Audio Embeddings
The system uses mel-spectrogram extraction as the main acoustic feature representation, where raw audio is converted to time-frequency representations followed by mel-scale filtering.
The preprocessing pipeline follows several steps: audio files are loaded at a 22.05kHz sampling rate, converted to mel-spectrograms with 128 mel bands and an 8kHz frequency ceiling. These spectrograms are converted from power to decibels and normalized to a fixed temporal dimension of 228 frames through padding or truncation, ensuring consistent dimensions across variable-length audio inputs.

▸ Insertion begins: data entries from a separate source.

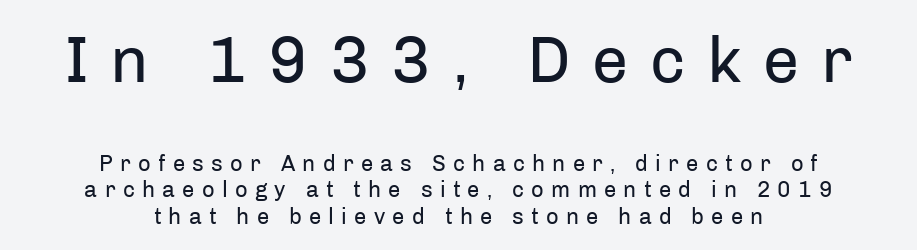
The image shows 65 px regular-weight sans-serif type, upright; set centered, line spacing 1.2x, unusually wide letter spacing (+0.33 em), not underlined; the first (top) block is 2.95x larger; low stroke contrast and a medium x-height.
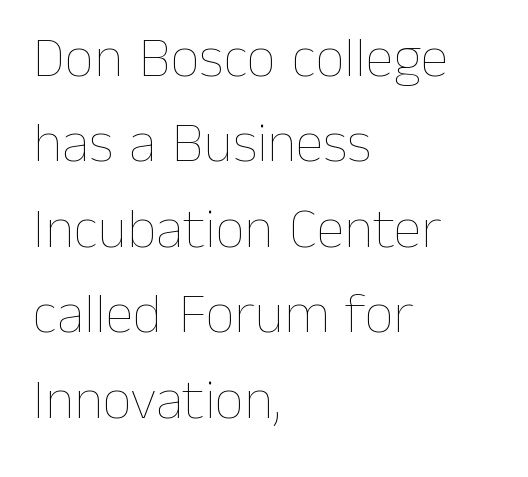
{"italic": "no", "bold": "no", "weight": "thin", "width": "normal", "stroke_contrast": "low", "x_height": "medium", "monospaced": "no", "underline": "no", "align": "left", "line_spacing": "normal", "line_spacing_ratio": 1.5, "letter_spacing": "normal", "letter_spacing_em": 0.0, "glyph_px": 57}
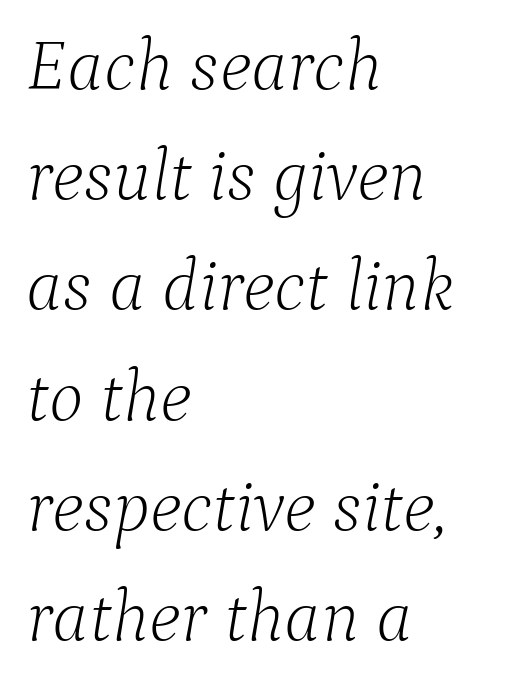
Think standard paragraph weight, or any step lighter than that. The specimen reads as italic at a glance. Casual observation: everything's shoved over to the left. Glyph-to-glyph distance matches everyday printed text. The font family rendered here belongs to the serif group. Here the designer chose a conventional face with non-uniform glyph widths.
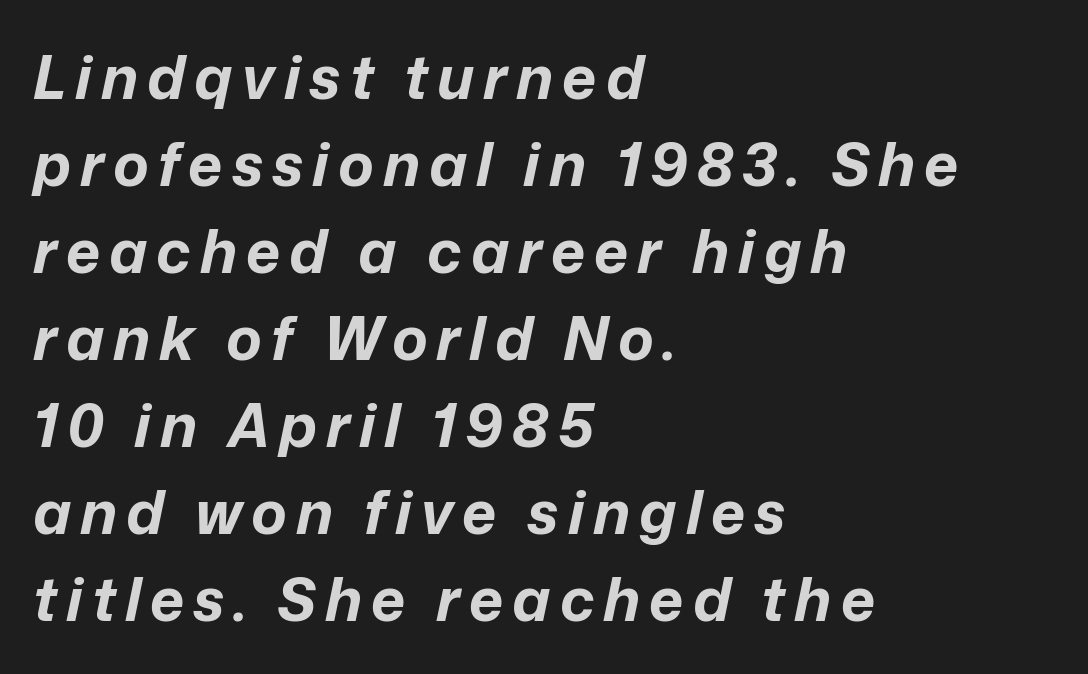
Q: Is the text bold? A: Yes.
Q: Is the text italic (slanted)? A: Yes, it leans right by about 12 degrees.
Q: Is the text underlined? A: No.
Q: How is the paragraph aligned? A: Left-aligned.
Q: Is the spacing between lines tight, normal or loose? A: Normal.
Q: Width (condensed, normal, or wide)? A: Normal.
Q: Stroke contrast? A: Low.
Q: x-height? A: Medium.
Q: Monospaced? A: No.
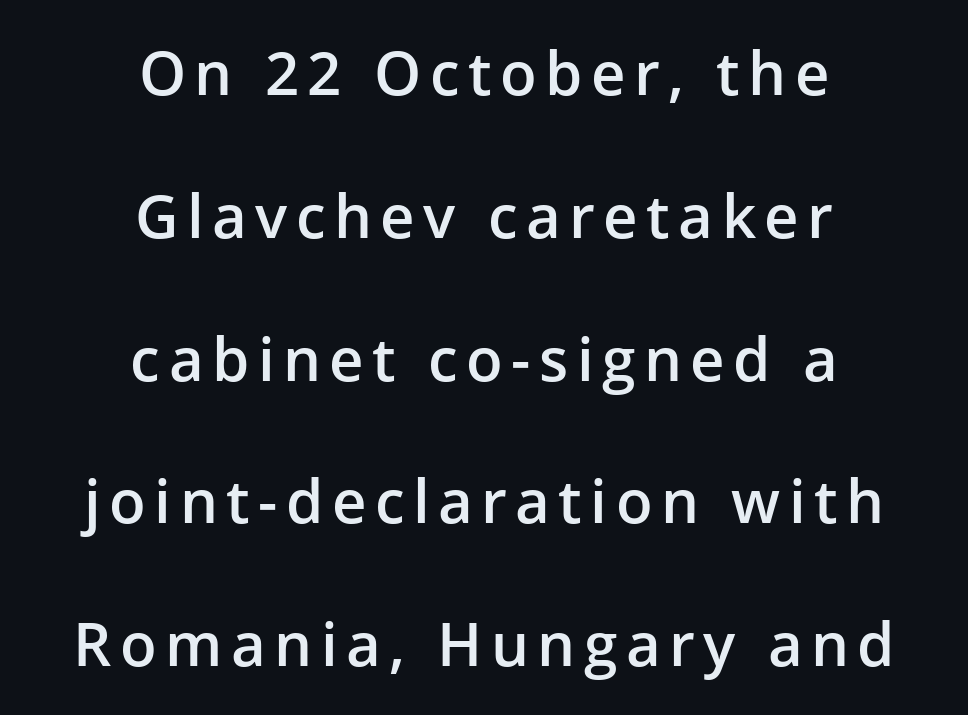
What's the leading like? Stretched, with rows far apart. Semibold letterforms, between regular and bold. Every row of glyphs is offset so its center matches the block's center. Regarding serifs, this sample does without them. The rendering uses natural spacing where letterforms have individual widths. Every stem runs plumb, perpendicular to the baseline.
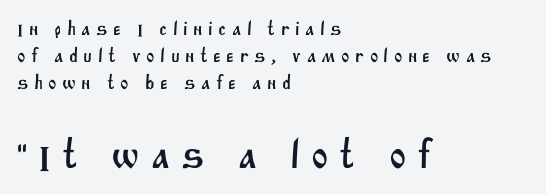
{"serif": "no", "width": "normal", "stroke_contrast": "medium", "x_height": "large", "monospaced": "no", "underline": "no", "align": "left", "line_spacing": "normal", "line_spacing_ratio": 1.35, "letter_spacing": "wide", "letter_spacing_em": 0.27, "larger_block": "second", "size_ratio": 2.05, "glyph_px": 41}
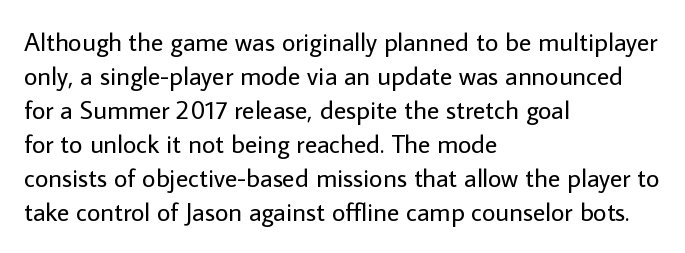
Q: Is the text bold? A: No.
Q: Is the text italic (slanted)? A: No, it is upright.
Q: Is the text underlined? A: No.
Q: How is the paragraph aligned? A: Left-aligned.
Q: Is the spacing between letters normal or unusually wide? A: Normal.
Q: Is the spacing between lines tight, normal or loose? A: Normal.

The architecture consists of a feature extraction network: a first Conv2D layer (32 filters, 3×3 kernels) captures basic spectro-temporal patterns, followed by MaxPooling2D (2×2), then a second convolutional layer (64 filters, 3×3 kernels) for extracting more complex acoustic features. The feature maps are flattened before being projected into a 256-dimensional embedding space through a fully-connected layer. This embedding is mapped to 8 emotion classes (neutral, calm, happy, sad, angry, fearful, disgust, surprised) via a softmax output layer. The model is trained using Adam optimizer with categorical cross-entropy loss.
The model achieves 87% accuracy on emotion classification tasks across the RAVDESS dataset, demonstrating strong performance in distinguishing between subtle emotional variations in speech. The 256-dimensional embeddings capture rich semantic information about audio content, enabling various downstream applications.
Oh, and I did this end-to-end on a plane to SF!